■ EXERCISE ■
In the listing below, find the line that contains "تحب العفو فاعفو عنا" and the line that contains "यदि वो लिक नहीं". Quote both and every line between them, exactly, and nothing more.

┄┄┄┄┄┄

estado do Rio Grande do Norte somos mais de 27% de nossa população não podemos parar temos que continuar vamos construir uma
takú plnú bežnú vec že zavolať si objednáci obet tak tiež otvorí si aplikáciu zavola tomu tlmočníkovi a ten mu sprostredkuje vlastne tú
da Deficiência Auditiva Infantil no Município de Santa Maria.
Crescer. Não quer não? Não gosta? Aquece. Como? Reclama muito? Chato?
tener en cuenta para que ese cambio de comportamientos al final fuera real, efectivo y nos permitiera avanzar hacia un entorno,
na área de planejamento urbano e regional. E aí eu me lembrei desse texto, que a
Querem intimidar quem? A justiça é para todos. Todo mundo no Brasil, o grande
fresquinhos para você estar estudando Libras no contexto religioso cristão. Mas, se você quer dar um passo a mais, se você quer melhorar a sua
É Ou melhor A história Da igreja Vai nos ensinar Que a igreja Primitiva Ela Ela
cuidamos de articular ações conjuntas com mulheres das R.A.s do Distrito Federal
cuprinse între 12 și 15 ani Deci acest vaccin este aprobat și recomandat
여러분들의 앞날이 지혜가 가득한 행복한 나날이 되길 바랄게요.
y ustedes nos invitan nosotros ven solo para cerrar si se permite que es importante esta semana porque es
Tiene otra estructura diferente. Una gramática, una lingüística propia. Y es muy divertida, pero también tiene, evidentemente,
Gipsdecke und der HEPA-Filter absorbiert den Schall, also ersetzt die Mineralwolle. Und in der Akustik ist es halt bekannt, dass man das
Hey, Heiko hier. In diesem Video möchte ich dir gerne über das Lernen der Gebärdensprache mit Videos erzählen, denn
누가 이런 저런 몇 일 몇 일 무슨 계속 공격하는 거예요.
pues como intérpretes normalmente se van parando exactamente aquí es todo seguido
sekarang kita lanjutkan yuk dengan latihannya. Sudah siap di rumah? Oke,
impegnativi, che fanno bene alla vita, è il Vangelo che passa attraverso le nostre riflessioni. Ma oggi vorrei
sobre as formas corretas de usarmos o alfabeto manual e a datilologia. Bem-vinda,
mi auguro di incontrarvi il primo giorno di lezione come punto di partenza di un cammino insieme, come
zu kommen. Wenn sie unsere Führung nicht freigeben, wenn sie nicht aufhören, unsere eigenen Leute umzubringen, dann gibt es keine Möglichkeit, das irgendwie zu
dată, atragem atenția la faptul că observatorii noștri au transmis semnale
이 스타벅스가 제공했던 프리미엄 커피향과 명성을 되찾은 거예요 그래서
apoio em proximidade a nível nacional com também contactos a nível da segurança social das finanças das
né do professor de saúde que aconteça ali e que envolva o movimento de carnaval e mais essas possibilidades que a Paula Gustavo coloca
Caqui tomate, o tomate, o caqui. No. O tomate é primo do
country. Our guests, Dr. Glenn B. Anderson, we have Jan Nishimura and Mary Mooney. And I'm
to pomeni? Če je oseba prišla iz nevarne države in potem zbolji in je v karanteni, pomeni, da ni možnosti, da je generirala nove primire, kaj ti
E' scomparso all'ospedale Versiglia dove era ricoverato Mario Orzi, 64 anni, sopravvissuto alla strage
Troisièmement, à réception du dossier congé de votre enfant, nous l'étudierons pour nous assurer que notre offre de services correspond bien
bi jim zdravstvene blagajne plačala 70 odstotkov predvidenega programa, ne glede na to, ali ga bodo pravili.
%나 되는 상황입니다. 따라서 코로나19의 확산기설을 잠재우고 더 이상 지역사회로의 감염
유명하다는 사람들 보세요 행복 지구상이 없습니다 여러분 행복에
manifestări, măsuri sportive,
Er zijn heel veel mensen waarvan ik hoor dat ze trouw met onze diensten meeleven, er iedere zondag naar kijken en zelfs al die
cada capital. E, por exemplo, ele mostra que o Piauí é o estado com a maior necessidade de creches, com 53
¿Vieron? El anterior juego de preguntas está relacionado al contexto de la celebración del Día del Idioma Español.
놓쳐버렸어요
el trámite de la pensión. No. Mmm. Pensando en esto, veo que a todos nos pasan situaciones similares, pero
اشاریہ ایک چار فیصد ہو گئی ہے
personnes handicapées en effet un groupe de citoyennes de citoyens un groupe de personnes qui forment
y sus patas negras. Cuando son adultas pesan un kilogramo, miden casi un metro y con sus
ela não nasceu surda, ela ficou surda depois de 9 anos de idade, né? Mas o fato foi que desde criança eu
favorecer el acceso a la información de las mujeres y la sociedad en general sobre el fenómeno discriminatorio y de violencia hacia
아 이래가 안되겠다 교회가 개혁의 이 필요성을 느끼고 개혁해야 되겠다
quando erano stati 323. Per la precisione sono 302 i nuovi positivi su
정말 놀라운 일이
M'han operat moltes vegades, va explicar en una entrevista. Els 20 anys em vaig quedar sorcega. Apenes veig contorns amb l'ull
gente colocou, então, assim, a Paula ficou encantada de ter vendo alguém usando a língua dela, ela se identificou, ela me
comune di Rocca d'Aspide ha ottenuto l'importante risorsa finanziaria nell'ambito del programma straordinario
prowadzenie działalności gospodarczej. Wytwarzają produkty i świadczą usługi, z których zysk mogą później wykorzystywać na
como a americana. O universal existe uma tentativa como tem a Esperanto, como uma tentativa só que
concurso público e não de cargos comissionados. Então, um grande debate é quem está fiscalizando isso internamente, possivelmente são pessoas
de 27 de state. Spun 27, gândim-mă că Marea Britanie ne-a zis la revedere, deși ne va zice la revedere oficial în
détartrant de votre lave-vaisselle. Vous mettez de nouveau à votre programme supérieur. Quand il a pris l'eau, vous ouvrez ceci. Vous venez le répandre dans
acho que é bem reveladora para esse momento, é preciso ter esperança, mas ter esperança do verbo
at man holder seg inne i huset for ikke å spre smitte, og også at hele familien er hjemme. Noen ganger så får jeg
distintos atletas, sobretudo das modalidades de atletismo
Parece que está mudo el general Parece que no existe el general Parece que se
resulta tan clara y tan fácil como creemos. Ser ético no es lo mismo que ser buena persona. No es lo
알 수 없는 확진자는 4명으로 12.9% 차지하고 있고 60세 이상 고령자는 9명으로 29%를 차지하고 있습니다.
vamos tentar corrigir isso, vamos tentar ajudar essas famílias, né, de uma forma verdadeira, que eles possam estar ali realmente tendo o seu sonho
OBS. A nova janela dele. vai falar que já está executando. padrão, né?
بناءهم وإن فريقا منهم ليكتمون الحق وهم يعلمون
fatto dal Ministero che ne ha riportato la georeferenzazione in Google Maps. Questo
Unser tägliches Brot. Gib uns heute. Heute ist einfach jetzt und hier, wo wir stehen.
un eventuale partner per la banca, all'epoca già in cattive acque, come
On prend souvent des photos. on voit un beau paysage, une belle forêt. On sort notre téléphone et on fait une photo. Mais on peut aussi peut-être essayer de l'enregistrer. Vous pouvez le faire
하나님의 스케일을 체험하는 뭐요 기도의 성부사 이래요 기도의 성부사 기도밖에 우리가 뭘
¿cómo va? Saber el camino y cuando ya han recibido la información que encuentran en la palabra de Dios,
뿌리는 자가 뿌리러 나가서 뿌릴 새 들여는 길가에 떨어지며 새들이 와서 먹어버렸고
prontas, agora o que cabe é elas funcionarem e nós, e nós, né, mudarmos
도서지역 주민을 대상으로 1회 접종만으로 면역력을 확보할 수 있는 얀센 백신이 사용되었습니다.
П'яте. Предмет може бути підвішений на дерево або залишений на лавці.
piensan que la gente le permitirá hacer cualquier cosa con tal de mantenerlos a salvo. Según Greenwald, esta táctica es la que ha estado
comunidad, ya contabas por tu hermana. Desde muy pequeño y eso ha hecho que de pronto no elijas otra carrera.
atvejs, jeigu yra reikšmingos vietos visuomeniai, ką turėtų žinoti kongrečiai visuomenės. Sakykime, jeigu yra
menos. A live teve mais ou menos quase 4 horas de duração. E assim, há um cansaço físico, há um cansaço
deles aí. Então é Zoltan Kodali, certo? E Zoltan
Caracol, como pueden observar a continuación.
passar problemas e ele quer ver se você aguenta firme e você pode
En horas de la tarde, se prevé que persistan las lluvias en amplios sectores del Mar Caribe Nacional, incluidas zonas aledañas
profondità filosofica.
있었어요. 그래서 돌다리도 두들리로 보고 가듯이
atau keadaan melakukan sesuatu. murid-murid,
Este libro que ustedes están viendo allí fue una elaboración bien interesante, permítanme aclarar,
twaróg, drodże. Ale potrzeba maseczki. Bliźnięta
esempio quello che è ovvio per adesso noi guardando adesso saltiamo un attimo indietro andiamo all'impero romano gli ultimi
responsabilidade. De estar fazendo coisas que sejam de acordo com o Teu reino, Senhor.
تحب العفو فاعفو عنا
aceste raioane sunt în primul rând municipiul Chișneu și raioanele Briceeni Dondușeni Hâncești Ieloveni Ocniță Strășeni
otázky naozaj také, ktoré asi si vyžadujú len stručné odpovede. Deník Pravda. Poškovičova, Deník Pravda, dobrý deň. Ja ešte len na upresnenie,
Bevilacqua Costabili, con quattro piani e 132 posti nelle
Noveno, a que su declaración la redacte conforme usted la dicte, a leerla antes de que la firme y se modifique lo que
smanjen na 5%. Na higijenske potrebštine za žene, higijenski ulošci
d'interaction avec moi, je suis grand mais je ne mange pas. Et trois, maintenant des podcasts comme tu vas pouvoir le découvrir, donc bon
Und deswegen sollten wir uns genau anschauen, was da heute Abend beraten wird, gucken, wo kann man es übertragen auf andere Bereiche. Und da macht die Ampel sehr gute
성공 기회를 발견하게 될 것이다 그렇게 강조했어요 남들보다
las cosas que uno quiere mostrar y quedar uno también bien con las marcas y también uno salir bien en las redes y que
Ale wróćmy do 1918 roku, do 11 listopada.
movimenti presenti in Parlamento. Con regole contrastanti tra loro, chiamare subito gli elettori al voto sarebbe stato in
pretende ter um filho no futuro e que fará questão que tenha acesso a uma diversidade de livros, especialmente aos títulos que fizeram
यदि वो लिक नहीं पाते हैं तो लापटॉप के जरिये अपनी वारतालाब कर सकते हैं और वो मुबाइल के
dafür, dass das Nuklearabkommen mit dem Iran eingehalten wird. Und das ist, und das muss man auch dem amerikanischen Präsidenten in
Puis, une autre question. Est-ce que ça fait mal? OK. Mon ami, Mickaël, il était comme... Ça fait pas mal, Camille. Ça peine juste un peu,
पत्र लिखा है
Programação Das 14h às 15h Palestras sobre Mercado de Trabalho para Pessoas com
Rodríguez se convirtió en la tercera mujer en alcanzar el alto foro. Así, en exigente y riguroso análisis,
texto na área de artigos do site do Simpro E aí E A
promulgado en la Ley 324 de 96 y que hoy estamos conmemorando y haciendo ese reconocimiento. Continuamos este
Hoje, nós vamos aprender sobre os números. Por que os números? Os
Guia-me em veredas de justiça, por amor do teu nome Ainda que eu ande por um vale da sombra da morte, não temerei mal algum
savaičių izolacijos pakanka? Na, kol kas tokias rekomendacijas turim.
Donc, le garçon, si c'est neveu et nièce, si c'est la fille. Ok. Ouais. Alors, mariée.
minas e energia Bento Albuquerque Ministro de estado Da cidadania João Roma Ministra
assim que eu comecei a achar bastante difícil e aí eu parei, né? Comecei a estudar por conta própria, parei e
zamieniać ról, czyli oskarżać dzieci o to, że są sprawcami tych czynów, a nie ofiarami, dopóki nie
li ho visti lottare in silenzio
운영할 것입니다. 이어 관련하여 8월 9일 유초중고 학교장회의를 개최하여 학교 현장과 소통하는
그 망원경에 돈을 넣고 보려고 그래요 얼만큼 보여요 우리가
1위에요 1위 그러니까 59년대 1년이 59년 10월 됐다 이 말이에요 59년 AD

┄┄┄┄┄┄

■ RESULT FOR THIS EXERCISE ■
تحب العفو فاعفو عنا
aceste raioane sunt în primul rând municipiul Chișneu și raioanele Briceeni Dondușeni Hâncești Ieloveni Ocniță Strășeni
otázky naozaj také, ktoré asi si vyžadujú len stručné odpovede. Deník Pravda. Poškovičova, Deník Pravda, dobrý deň. Ja ešte len na upresnenie,
Bevilacqua Costabili, con quattro piani e 132 posti nelle
Noveno, a que su declaración la redacte conforme usted la dicte, a leerla antes de que la firme y se modifique lo que
smanjen na 5%. Na higijenske potrebštine za žene, higijenski ulošci
d'interaction avec moi, je suis grand mais je ne mange pas. Et trois, maintenant des podcasts comme tu vas pouvoir le découvrir, donc bon
Und deswegen sollten wir uns genau anschauen, was da heute Abend beraten wird, gucken, wo kann man es übertragen auf andere Bereiche. Und da macht die Ampel sehr gute
성공 기회를 발견하게 될 것이다 그렇게 강조했어요 남들보다
las cosas que uno quiere mostrar y quedar uno también bien con las marcas y también uno salir bien en las redes y que
Ale wróćmy do 1918 roku, do 11 listopada.
movimenti presenti in Parlamento. Con regole contrastanti tra loro, chiamare subito gli elettori al voto sarebbe stato in
pretende ter um filho no futuro e que fará questão que tenha acesso a uma diversidade de livros, especialmente aos títulos que fizeram
यदि वो लिक नहीं पाते हैं तो लापटॉप के जरिये अपनी वारतालाब कर सकते हैं और वो मुबाइल के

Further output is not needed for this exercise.